But historically, a gap this wide between sentiment and actual outlays does not persist. When consumers feel as pessimistic as they do today, they usually pull back within a quarter or two — first on big-ticket items like cars and appliances, then on travel and dining, and eventually on everyday purchases. With the cost-of-living crunch leaving little room for error, and with inflation expectations now pointing upward, the spending resilience looks more like a lag than a permanent feature. If gasoline prices stay elevated through the summer driving season — and geopolitical realities suggest they will — the sentiment-spending paradox is likely to resolve in the direction of weaker demand.

Conclusion

The record-low consumer sentiment reading is not merely a statistical curiosity; it is a real-time signal of how deeply the rise in energy costs is reshaping household budgets and expectations. When 57% of consumers volunteer that high prices are hurting their finances, it reflects a loss of control that no amount of policy communication can easily reverse.

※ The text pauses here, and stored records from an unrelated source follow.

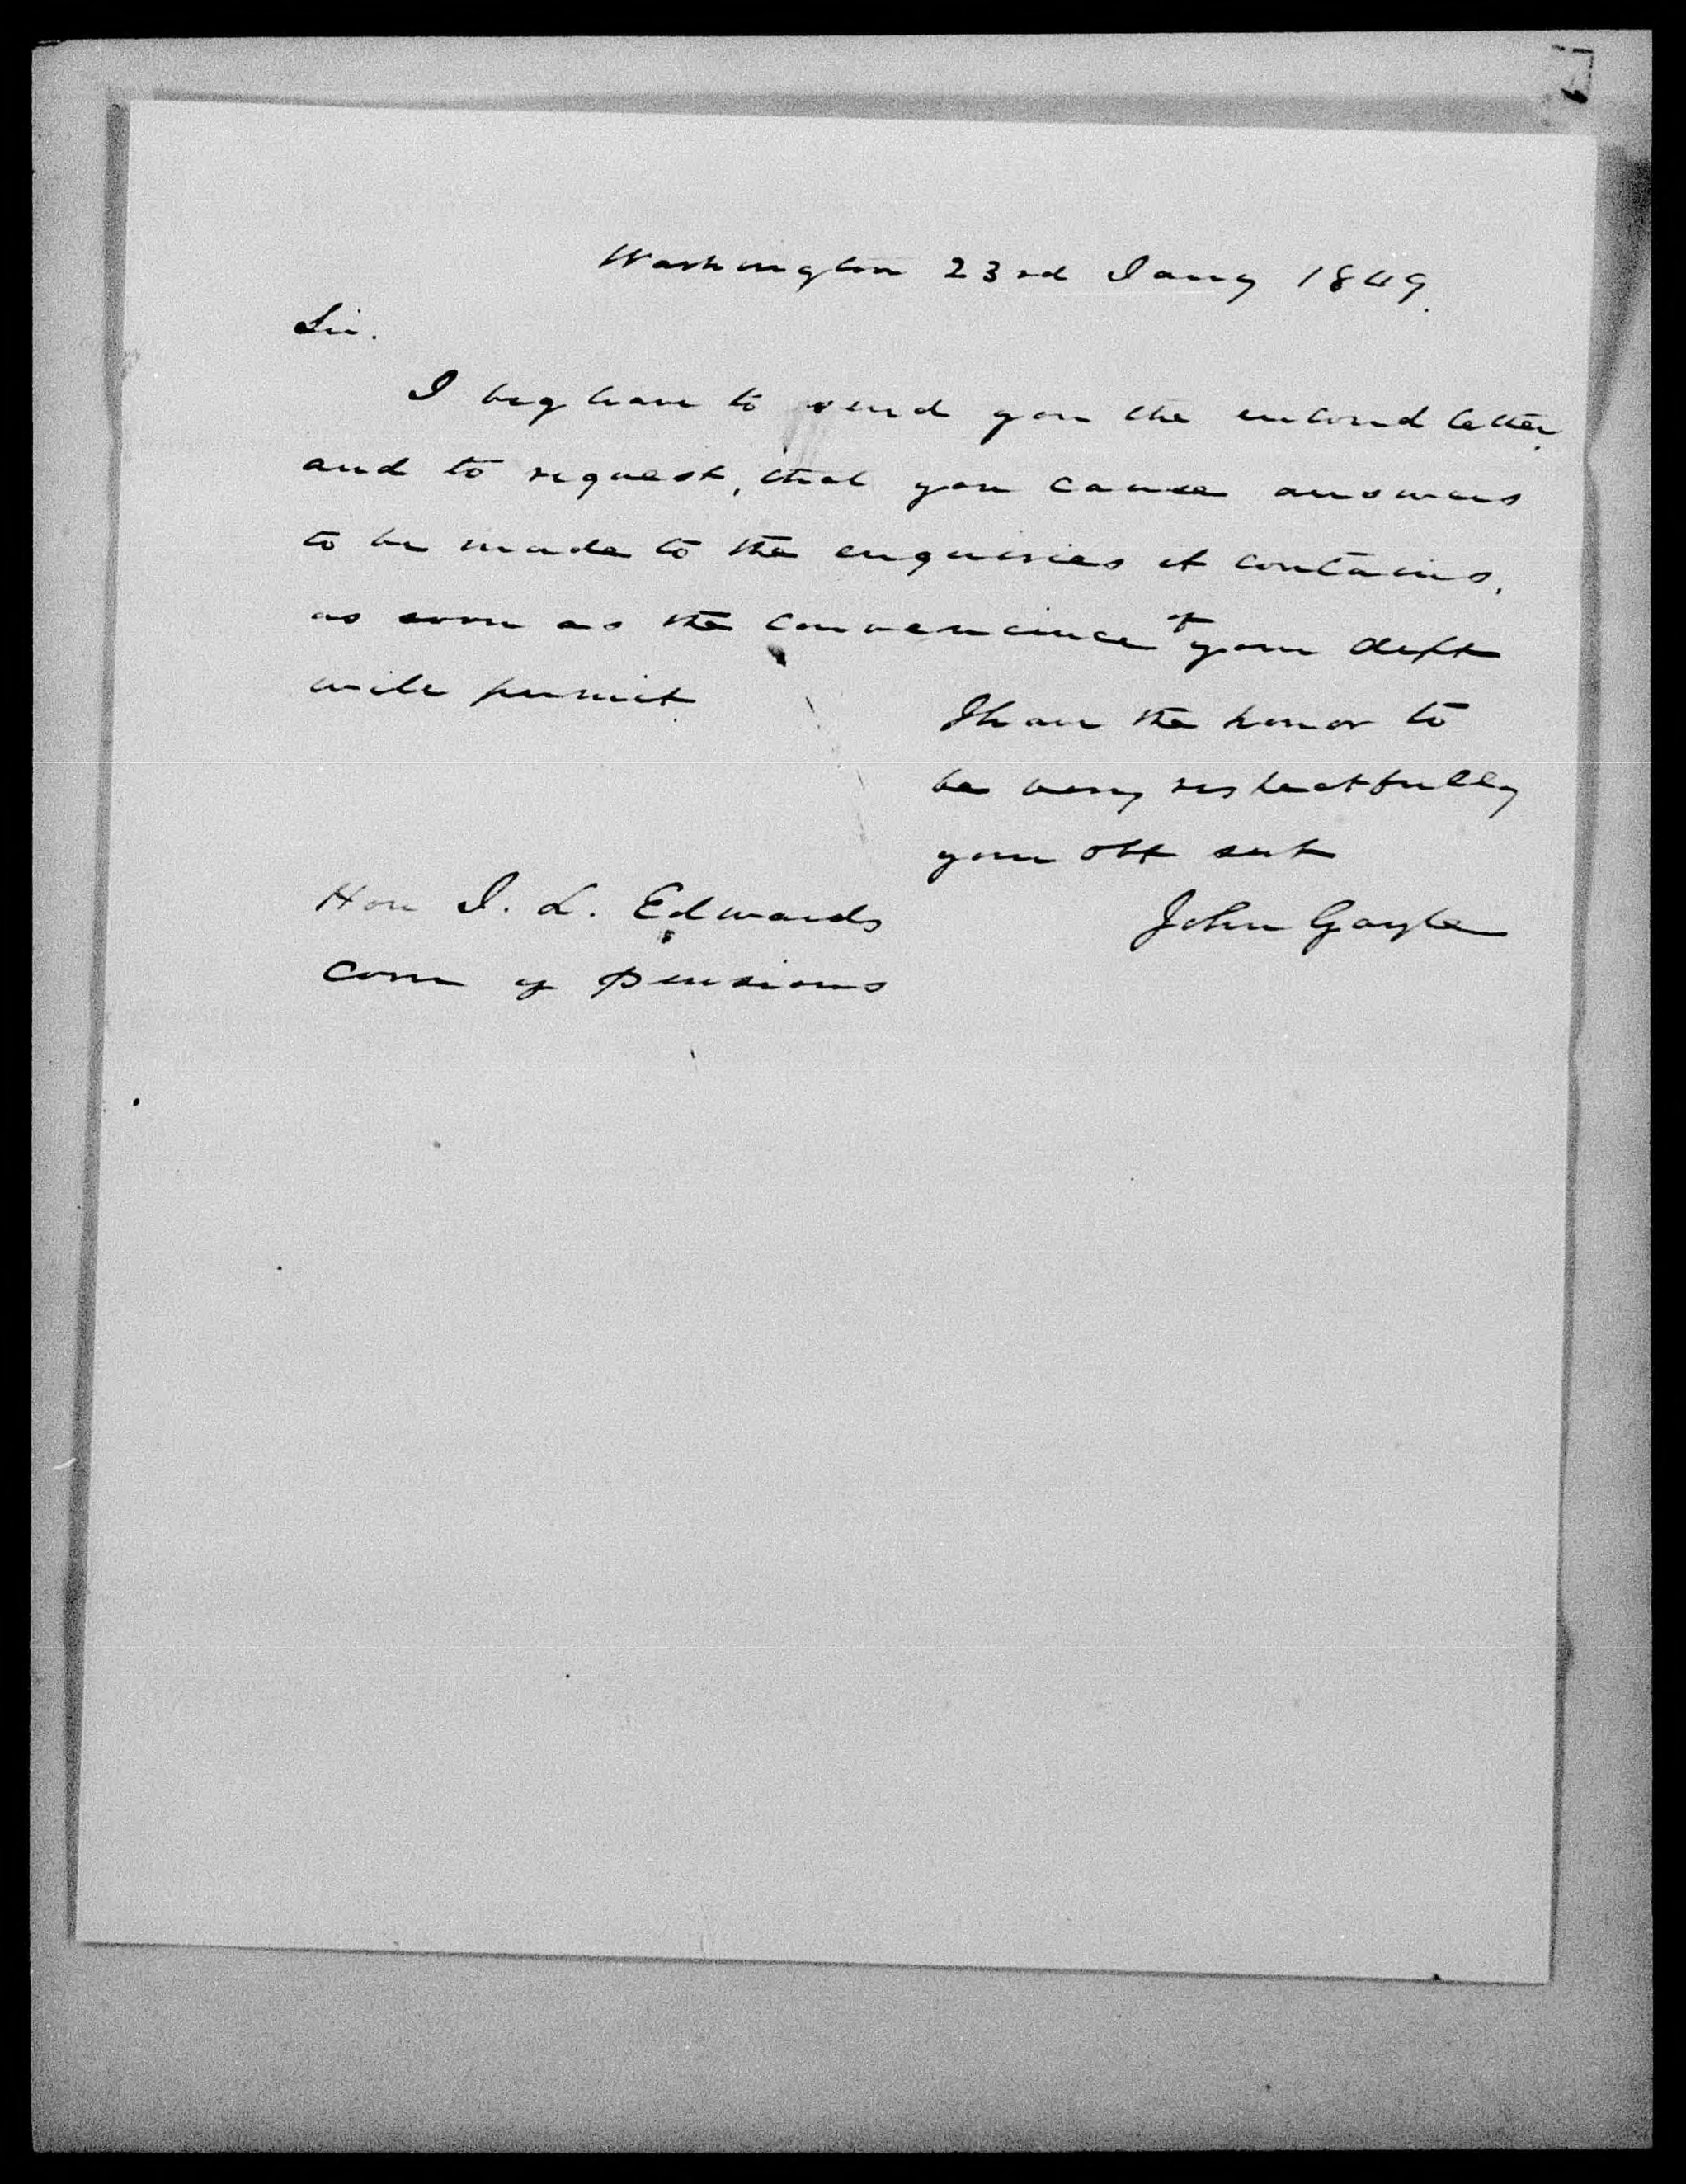Washington 23rd Jany 1849
Sir
I beg leave to send you the enclosed letter and to request that you cause answers to be made to the enquiries it contains as soon as the convenience of your dept will permit
I have the honor to be very respectfully your obt servt
John Gayle

Hon JL Edwards
Com of Pensions

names: J L Edwards; John Gayle
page: 18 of 26
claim: rejected
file: R. 8,161, for Theophilus Petty, South Carolina

The risk ahead is that rising long-term inflation expectations become self-fulfilling, forcing the Federal Reserve to choose between a painful tightening cycle and letting price pressures become entrenched. Either path will test the resilience of American households, particularly those at the lower end of the income distribution who have already absorbed the brunt of the squeeze.

For now, the data suggests that the American consumer is holding on. But history reminds us that sentiment often leads spending, and the direction of travel — sharply lower confidence, still-elevated prices, and an uncertain global backdrop — offers few reasons for optimism in the months immediately ahead.

Frequently Asked Questions

What is the current US consumer sentiment index?

The University of Michigan Consumer Sentiment Index stands at 44.8 for May 2026, the lowest reading in the survey's history dating back to 1952.

Why did consumer sentiment fall to a record low?

The plunge is driven by surging gasoline prices—up over 50% since the Iran war began—and widespread anxiety about the rising cost of living. 57% of consumers spontaneously mention that high prices are eroding their personal finances.

How are inflation expectations changing?

Consumers expect inflation of 4.8% over the next year, up from 4.7% in April. Long-run expectations (5-10 years) rose to 3.9%, the highest in seven months, driven by Republican and independent respondents.

What does this mean for the Federal Reserve?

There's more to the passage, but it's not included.